# Fusionner dossiers Téléchargements iCloud Drive



## kaiy75 (7 Novembre 2020)

Bonsoir,

Je viens d'activer le partage de mon dossier "Bureau" et "Documents" sur iCloud Drive (j'avoue le faire tardivement mais je me suis rendu compte que c'était bien pratique ehehe).

Cependant, j'ai toujours les dossier "Downloads" dans iCloud Drive et le dossier "Téléchargements" qui n'est disponible que localement sur mon Mac. Ainsi, quand je télécharge un fichier sur mon Mac, il apparait dans "Téléchargements" mais pas dans le dossier "Downloads" sur iCloud Drive. Et quand je télécharge un fichier sur mon iPhone, c'est l'inverse, il apparait dans "Downloads" mais pas dans "Téléchargements".

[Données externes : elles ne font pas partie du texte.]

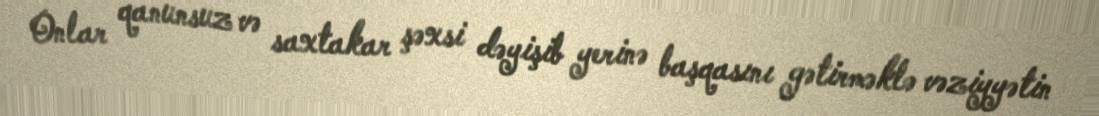
Onlar qanunsuz və saxtakar şəxsi dəyişib yerinə başqasını gətirməklə vəziyyətin
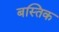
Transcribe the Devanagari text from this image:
बस्तिक
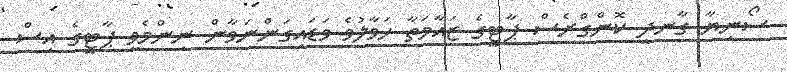
ސޯނިޔާ ގާނދީ ކޮންގްރެސް ޕާޓީގެ ޒައާމަތާ ހަވާލުވެ ވަޑައިގަންނަވާން ނިންމެވީ ޕާޓީގެ އިސް
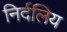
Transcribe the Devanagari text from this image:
निर्दलिय
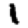
Digit: 1
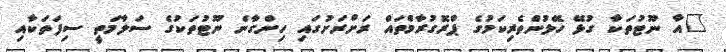
"އާ ނޫޓުތަކާ ގުޅޭ ހޭލުންތެރިކަމުގެ ޕްރޮގުރާމްތައް ރަށްރަށުގައި ހިންގާނެ ނޫޓުތަކުގެ ސަލާމަތީ ސިފަތަކާއި
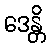
ဒေန္တိ
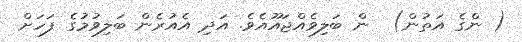
( ންގެ އަތުން)  ން ބަލިވެއްޖައޫއެވެ. އަދި އެއުރެން ބަލިވުމުގެ ފަހަށް
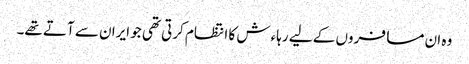
وہ ان مسافروں کے لیے رہاءش کا انتظام کرتی تھی جو ایران سے آتے تھے۔
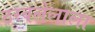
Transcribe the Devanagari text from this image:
ठरवलेलाला
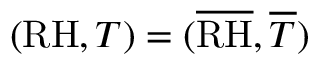
( \mathrm { R H } , T ) = ( \overline { { \mathrm { R H } } } , \overline { { T } } )
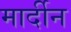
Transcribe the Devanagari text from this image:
मार्दीन
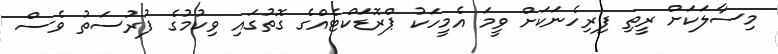
މިސާލަކަށް ރީތި ފިރިހެނަކަށް ވީމަ އެމީހަކު ޕްރޮޑަކްޓެއްގެ ގޮތުގައި ވިކުމުގެ ފުރުސަތު ވެސް
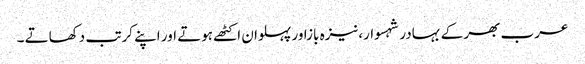
عرب بھر کے بہادر شہسوار،نیزہ بازاور پہلوان اکٹھے ہوتے اور اپنے کرتب دکھاتے ۔
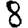
Digit: 8
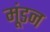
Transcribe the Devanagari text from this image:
मूंडन
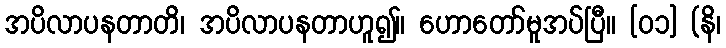
အပိလာပနတာတိ၊ အပိလာပနတာဟူ၍။ ဟောတော်မူအပ်ပြီ။ [၀၁] (နိ၊
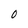
Character: O
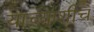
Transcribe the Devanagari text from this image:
याच्याशीच
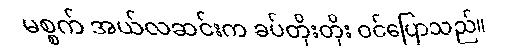
မစ္စက် အယ်လဆင်းက ခပ်တိုးတိုး ဝင်ပြောသည်။
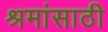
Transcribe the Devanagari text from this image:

Est-ce qu'il y a un moyen de fusionner les deux dossiers afin de n'avoir qu'un seul dossier pour les téléchargements, commun à tous mes appareils ? Ou de définir le dossier Downloads d'iCloud Drive comme le dossier par défaut pour les téléchargements sur mon Mac ?

Merci d'avance !


----------



## MrTom (8 Novembre 2020)

Hello,

Non ce n'est pas possible avec les paramètres actuels proposés par iCloud Drive.


----------



## kaiy75 (9 Novembre 2020)

MrTom a dit:


> Hello,
> 
> Non ce n'est pas possible avec les paramètres actuels proposés par iCloud Drive.


Ok merci, quel dommage...


----------



## clintstudio (8 Novembre 2021)

En fait c'est possible. Il suffit de modifier le répertoire de téléchargement par défaut dans les préférences Safari et le faire pointer sur le répertoire Downloads d'iCloud. Il suffit ensuite de changer les raccourcis dans la barre de répertoires du Finder et dans la barre d'outils.


----------



## kaiy75 (9 Novembre 2021)

Merci, même après un an j'y avais toujours pas pensé ehehe, topic résolu


----------